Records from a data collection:
+ + + +

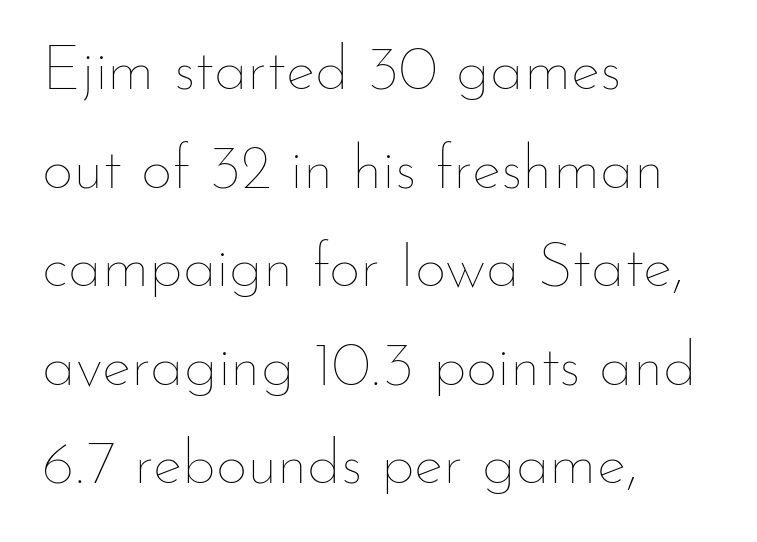
Q: Is the text bold? A: No.
Q: Is the text italic (slanted)? A: No, it is upright.
Q: Is the text underlined? A: No.
Q: How is the paragraph aligned? A: Left-aligned.
Q: Is the spacing between letters normal or unusually wide? A: Normal.
Q: Is the spacing between lines tight, normal or loose? A: Normal.
Q: Width (condensed, normal, or wide)? A: Normal.
Q: Stroke contrast? A: Low.
Q: x-height? A: Small.
Q: Monospaced? A: No.
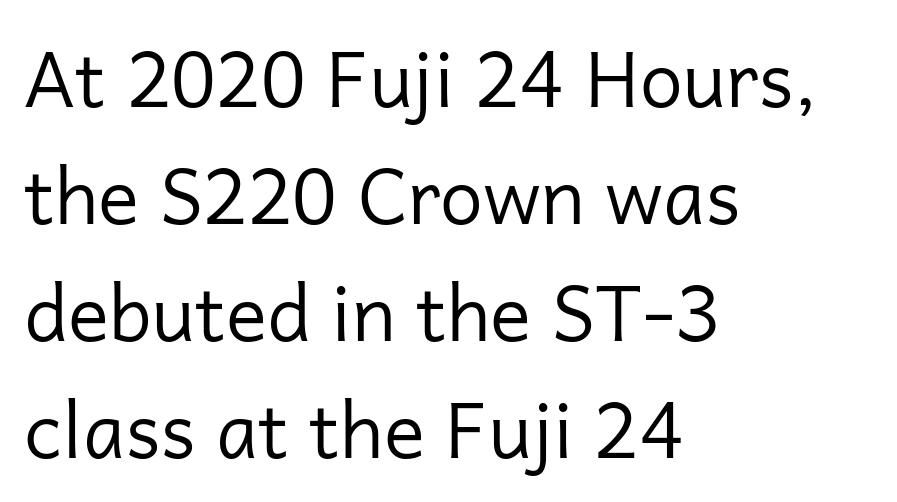
{"serif": "no", "italic": "no", "bold": "no", "weight": "regular", "width": "normal", "stroke_contrast": "low", "x_height": "medium", "monospaced": "no", "underline": "no", "align": "left", "line_spacing": "normal", "line_spacing_ratio": 1.52, "letter_spacing": "normal", "letter_spacing_em": 0.0, "glyph_px": 77}
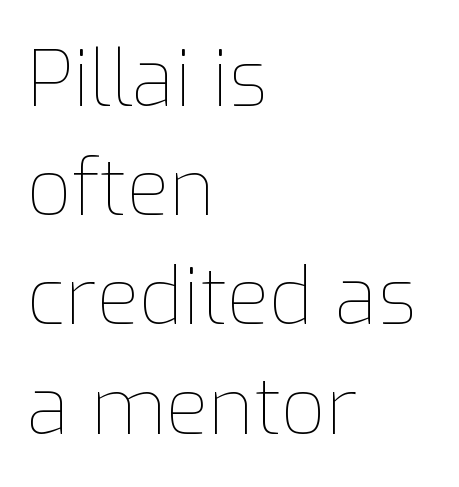
A roman cut, with each character standing at attention. Is the stroke heavy? The answer is a plain regular-or-lighter. The ragged edge is on the right, which tells us the setting is flush left. The glyphs are unaccompanied by any horizontal stroke below them. Character widths vary here, with narrow letters taking less room than wide ones.
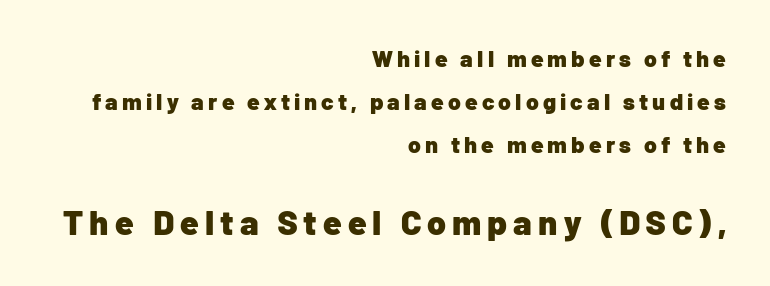
No word sits above an underline. A roman cut, with each character standing at attention. The rendering uses a bold face; every stroke is thick and dark. You get the small type first, then a jump to larger type.
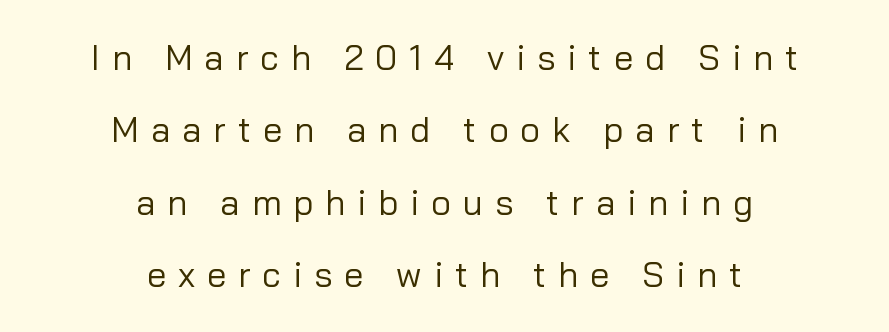
The image shows 35 px regular-weight sans-serif type, upright; set centered, loose line spacing (2.07x), unusually wide letter spacing (+0.34 em), not underlined; low stroke contrast and a medium x-height.
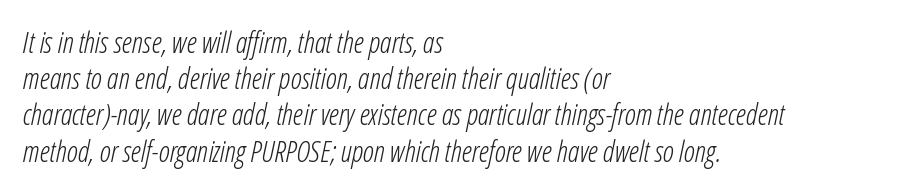
The rendering uses natural spacing where letterforms have individual widths. Reading down the block, your eye returns to a fixed left position each line. Clear beneath every line of the passage. The typeface has the unassuming heft of standard copy or less. Spacing between characters is what you'd get straight out of the box.
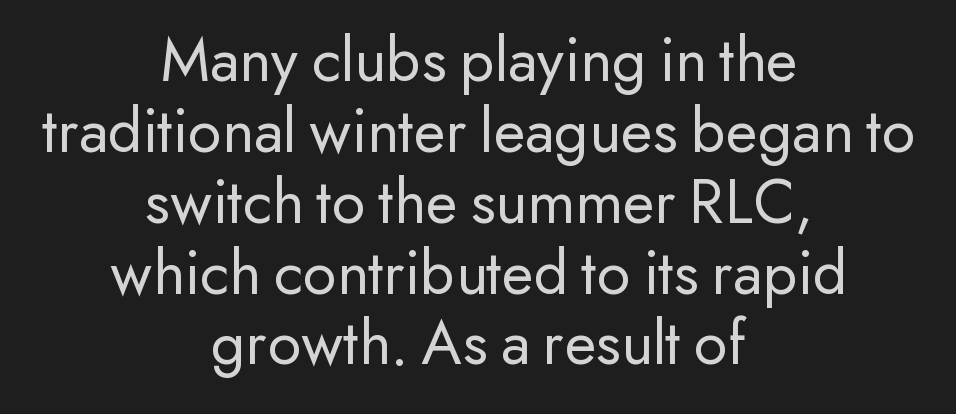
Q: Is the text bold? A: No.
Q: Is the text italic (slanted)? A: No, it is upright.
Q: Is the typeface a serif or a sans-serif typeface? A: Sans-serif.
Q: Is the text underlined? A: No.
Q: How is the paragraph aligned? A: Centered.
Q: Is the spacing between letters normal or unusually wide? A: Normal.
Q: Is the spacing between lines tight, normal or loose? A: Tight.
Q: Width (condensed, normal, or wide)? A: Normal.
Q: Stroke contrast? A: Low.
Q: x-height? A: Small.
Q: Monospaced? A: No.
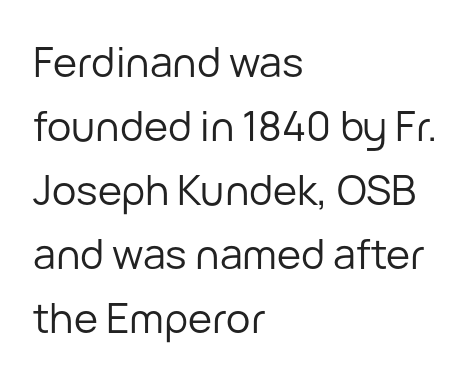
{"serif": "no", "italic": "no", "bold": "no", "weight": "regular", "width": "normal", "stroke_contrast": "low", "x_height": "medium", "monospaced": "no", "underline": "no", "align": "left", "line_spacing": "normal", "line_spacing_ratio": 1.56, "letter_spacing": "normal", "letter_spacing_em": 0.0, "glyph_px": 41}
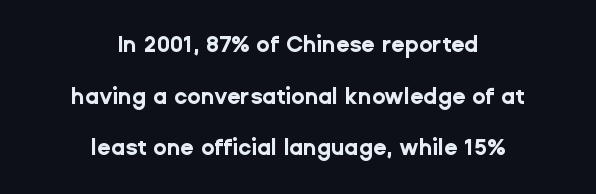
{"italic": "no", "bold": "yes", "underline": "no", "align": "center", "line_spacing": "loose", "line_spacing_ratio": 2.35, "letter_spacing": "normal", "letter_spacing_em": 0.0, "glyph_px": 22}
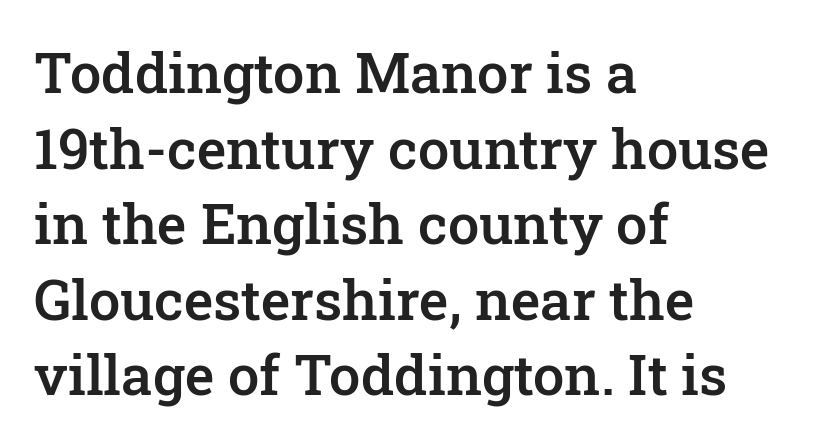
{"serif": "yes", "italic": "no", "bold": "semi", "weight": "semibold", "width": "normal", "stroke_contrast": "low", "x_height": "medium", "monospaced": "no", "underline": "no", "align": "left", "line_spacing": "normal", "line_spacing_ratio": 1.35, "letter_spacing": "normal", "letter_spacing_em": 0.0, "glyph_px": 56}
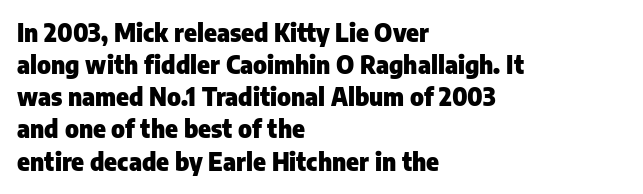
Heavy-handed strokes throughout: this text is bold. Ordinary non-slanted type is in use. The text block is weighted toward the left margin, trailing off unevenly rightward. Students, observe: this is what conventionally led text looks like. Students, note that the glyphs here touch the page at normal intervals. The words here are not underlined.
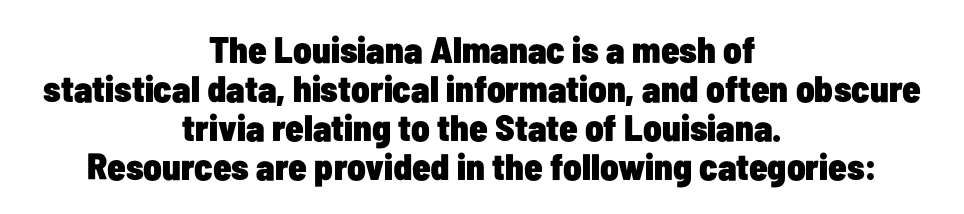
The image shows 37 px heavy, condensed sans-serif type, upright; set centered, tight line spacing (1.05x), normal letter spacing, not underlined; low stroke contrast and a medium x-height.
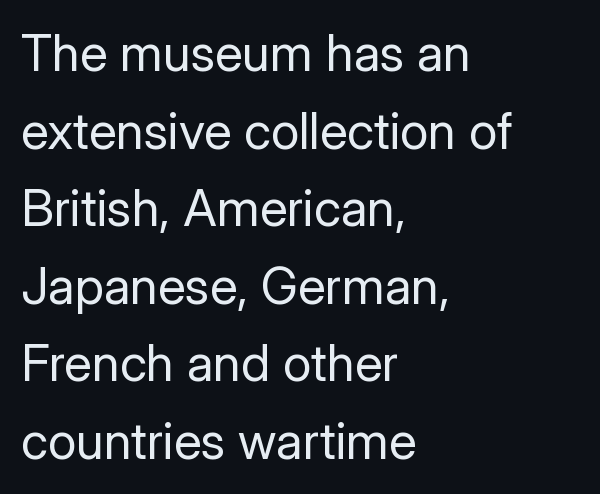
The image shows 51 px regular-weight sans-serif type, upright; set left-aligned, normal line spacing (1.52x), normal letter spacing, not underlined; low stroke contrast and a medium x-height.
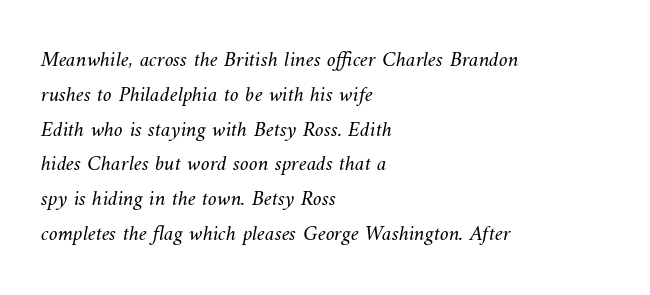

+ + + +

Problem details ▸ From the first line to the last, repeat the entries exactly and leave out the pictures.

Solution for this problem ▸
Q: Is the text bold? A: No.
Q: Is the text italic (slanted)? A: No, it is upright.
Q: Is the text underlined? A: No.
Q: How is the paragraph aligned? A: Left-aligned.
Q: Is the spacing between letters normal or unusually wide? A: Normal.
Q: Is the spacing between lines tight, normal or loose? A: Normal.
Q: Width (condensed, normal, or wide)? A: Normal.
Q: Stroke contrast? A: Low.
Q: x-height? A: Small.
Q: Monospaced? A: No.
{"serif": "no", "italic": "no", "bold": "no", "weight": "regular", "width": "normal", "stroke_contrast": "low", "x_height": "medium", "monospaced": "no", "underline": "no", "align": "left", "line_spacing": "normal", "line_spacing_ratio": 1.52, "letter_spacing": "normal", "letter_spacing_em": 0.0, "glyph_px": 77}
A roman cut, with each character standing at attention. Is the stroke heavy? The answer is a plain regular-or-lighter. The ragged edge is on the right, which tells us the setting is flush left. The glyphs are unaccompanied by any horizontal stroke below them. Character widths vary here, with narrow letters taking less room than wide ones.
No word sits above an underline. A roman cut, with each character standing at attention. The rendering uses a bold face; every stroke is thick and dark. You get the small type first, then a jump to larger type.
The image shows 35 px regular-weight sans-serif type, upright; set centered, loose line spacing (2.07x), unusually wide letter spacing (+0.34 em), not underlined; low stroke contrast and a medium x-height.
The rendering uses natural spacing where letterforms have individual widths. Reading down the block, your eye returns to a fixed left position each line. Clear beneath every line of the passage. The typeface has the unassuming heft of standard copy or less. Spacing between characters is what you'd get straight out of the box.
Q: Is the text bold? A: No.
Q: Is the text italic (slanted)? A: No, it is upright.
Q: Is the typeface a serif or a sans-serif typeface? A: Sans-serif.
Q: Is the text underlined? A: No.
Q: How is the paragraph aligned? A: Centered.
Q: Is the spacing between letters normal or unusually wide? A: Normal.
Q: Is the spacing between lines tight, normal or loose? A: Tight.
Q: Width (condensed, normal, or wide)? A: Normal.
Q: Stroke contrast? A: Low.
Q: x-height? A: Small.
Q: Monospaced? A: No.
{"serif": "no", "italic": "no", "bold": "no", "weight": "regular", "width": "normal", "stroke_contrast": "low", "x_height": "medium", "monospaced": "no", "underline": "no", "align": "left", "line_spacing": "normal", "line_spacing_ratio": 1.56, "letter_spacing": "normal", "letter_spacing_em": 0.0, "glyph_px": 41}
{"italic": "no", "bold": "yes", "underline": "no", "align": "center", "line_spacing": "loose", "line_spacing_ratio": 2.35, "letter_spacing": "normal", "letter_spacing_em": 0.0, "glyph_px": 22}
{"serif": "yes", "italic": "no", "bold": "semi", "weight": "semibold", "width": "normal", "stroke_contrast": "low", "x_height": "medium", "monospaced": "no", "underline": "no", "align": "left", "line_spacing": "normal", "line_spacing_ratio": 1.35, "letter_spacing": "normal", "letter_spacing_em": 0.0, "glyph_px": 56}
Heavy-handed strokes throughout: this text is bold. Ordinary non-slanted type is in use. The text block is weighted toward the left margin, trailing off unevenly rightward. Students, observe: this is what conventionally led text looks like. Students, note that the glyphs here touch the page at normal intervals. The words here are not underlined.
The image shows 37 px heavy, condensed sans-serif type, upright; set centered, tight line spacing (1.05x), normal letter spacing, not underlined; low stroke contrast and a medium x-height.
The image shows 51 px regular-weight sans-serif type, upright; set left-aligned, normal line spacing (1.52x), normal letter spacing, not underlined; low stroke contrast and a medium x-height.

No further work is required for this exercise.